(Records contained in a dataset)
★ ★ ★ ★ ★ ★ ★

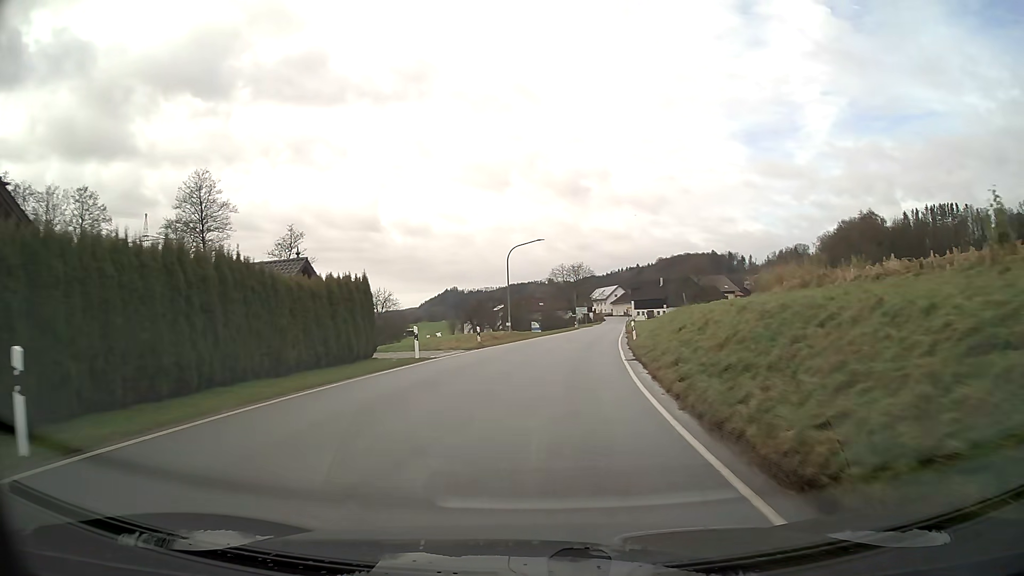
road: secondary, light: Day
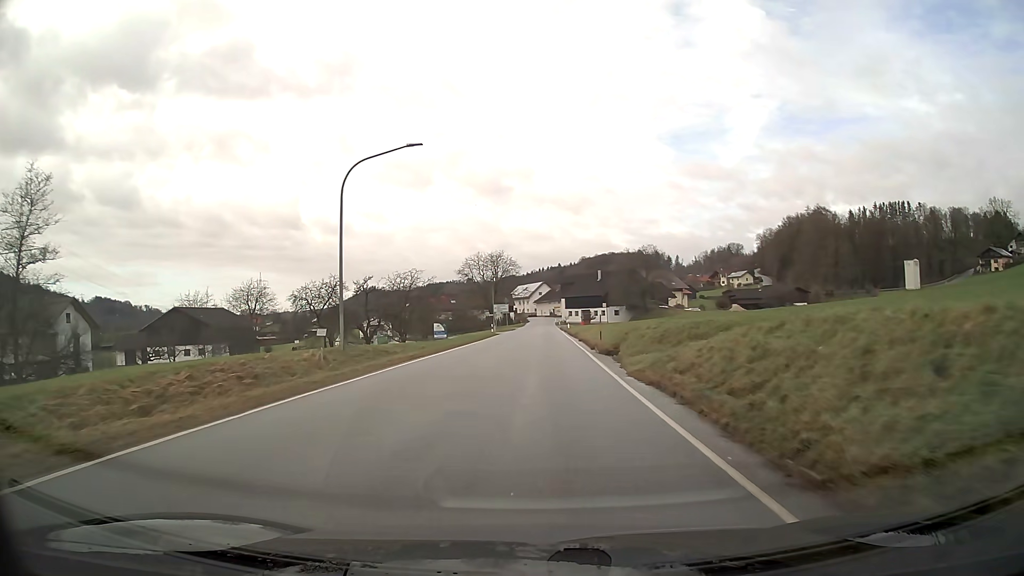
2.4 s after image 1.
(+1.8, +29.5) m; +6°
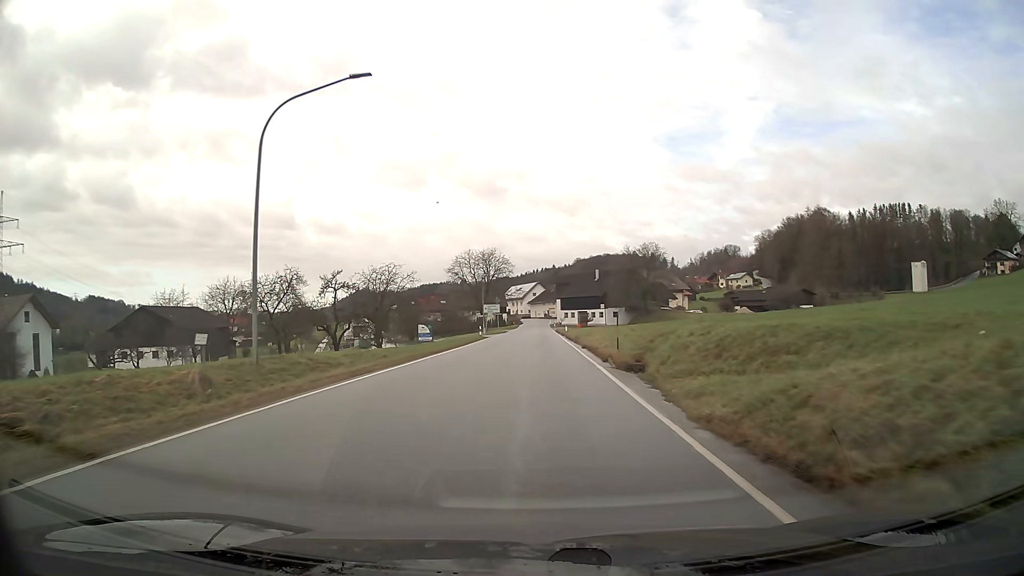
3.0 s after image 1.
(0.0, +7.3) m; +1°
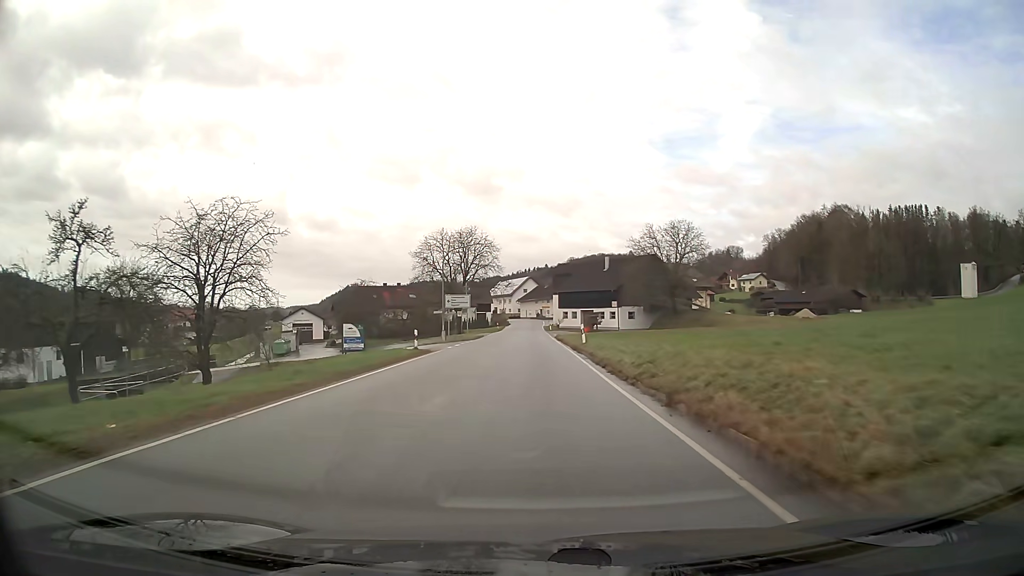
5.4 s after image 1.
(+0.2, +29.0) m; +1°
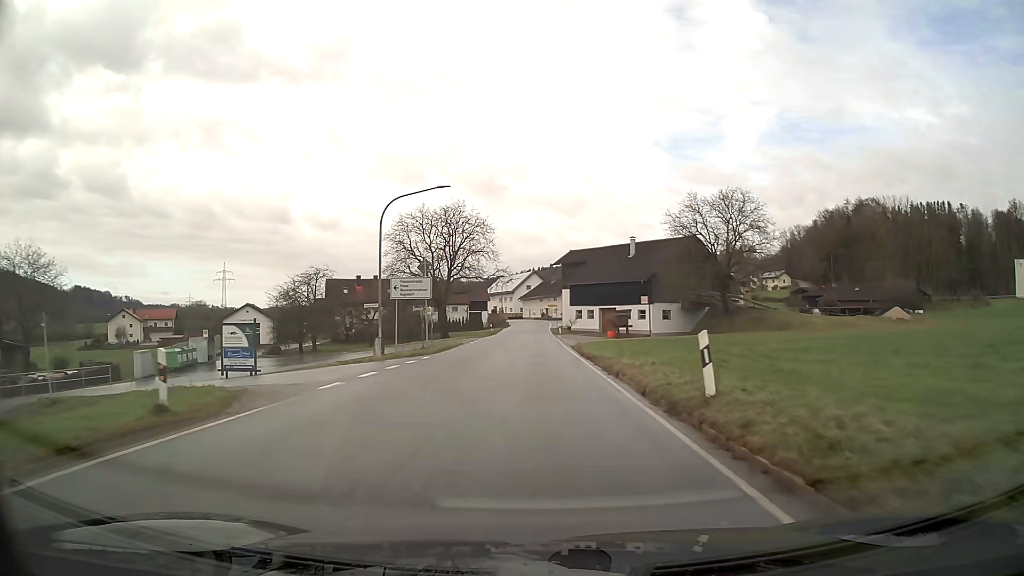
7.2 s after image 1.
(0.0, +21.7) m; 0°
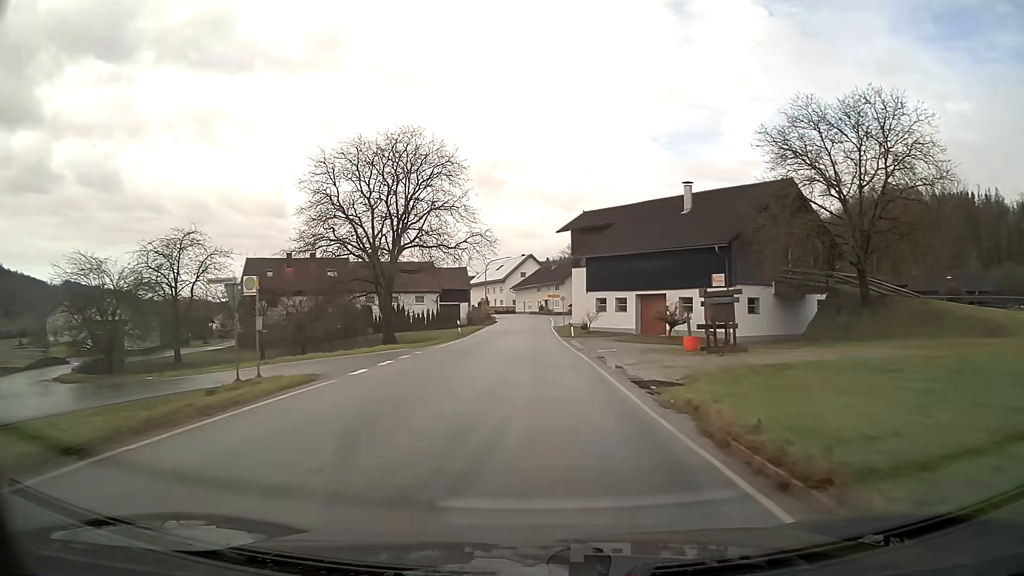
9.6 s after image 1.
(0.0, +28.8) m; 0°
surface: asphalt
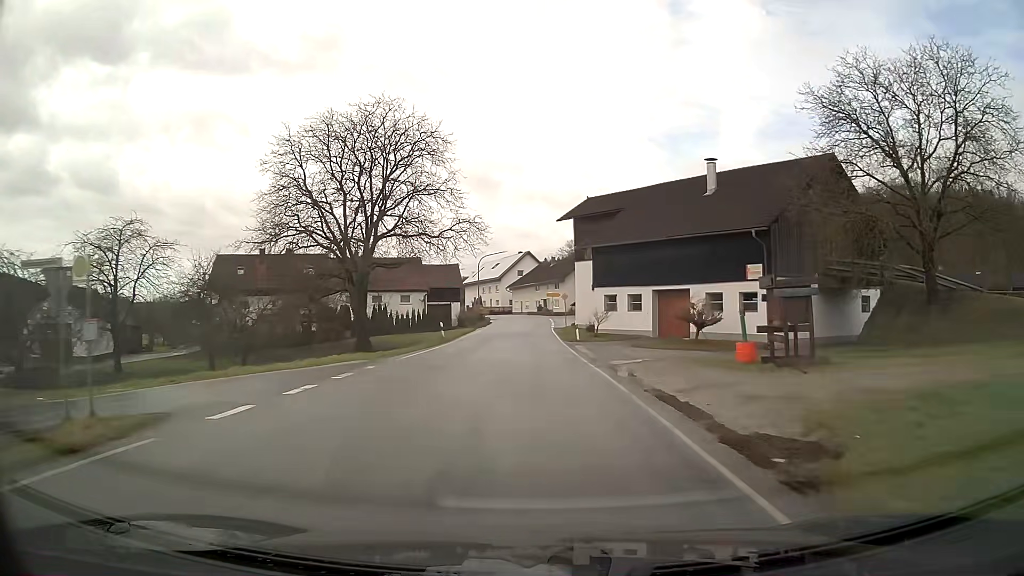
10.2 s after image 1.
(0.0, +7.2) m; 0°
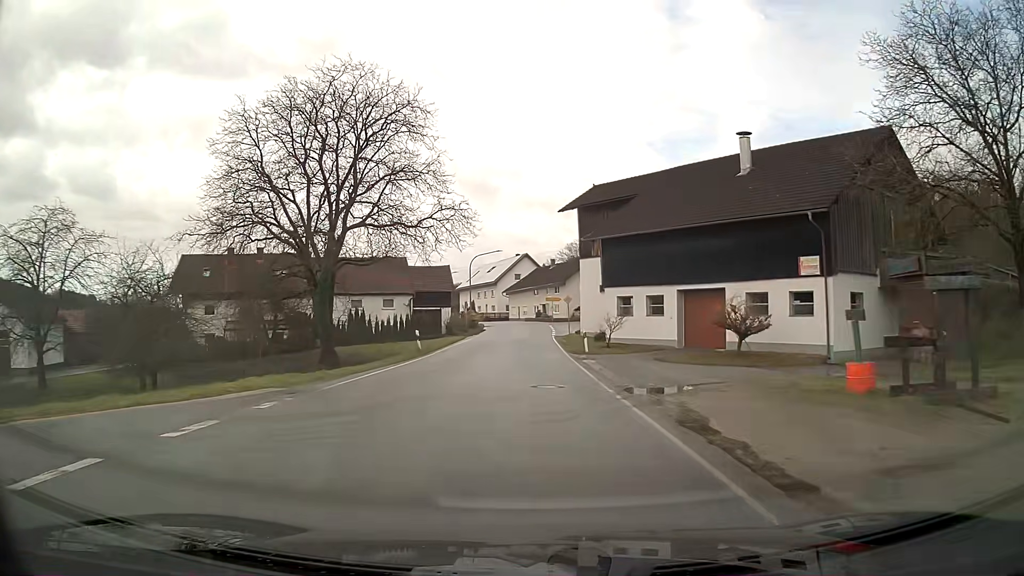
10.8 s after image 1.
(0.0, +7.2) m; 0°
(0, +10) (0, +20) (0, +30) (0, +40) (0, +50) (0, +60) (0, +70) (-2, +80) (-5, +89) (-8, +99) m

★ ★ ★ ★ ★ ★ ★

Task objective:
Reproduce exactly, without any picture, the lines from the one bearing "2.4 s after image 1." to the last line of the records above.

Answer to this problem:
2.4 s after image 1.
(+1.8, +29.5) m; +6°
3.0 s after image 1.
(0.0, +7.3) m; +1°
5.4 s after image 1.
(+0.2, +29.0) m; +1°
7.2 s after image 1.
(0.0, +21.7) m; 0°
9.6 s after image 1.
(0.0, +28.8) m; 0°
surface: asphalt
10.2 s after image 1.
(0.0, +7.2) m; 0°
10.8 s after image 1.
(0.0, +7.2) m; 0°
(0, +10) (0, +20) (0, +30) (0, +40) (0, +50) (0, +60) (0, +70) (-2, +80) (-5, +89) (-8, +99) m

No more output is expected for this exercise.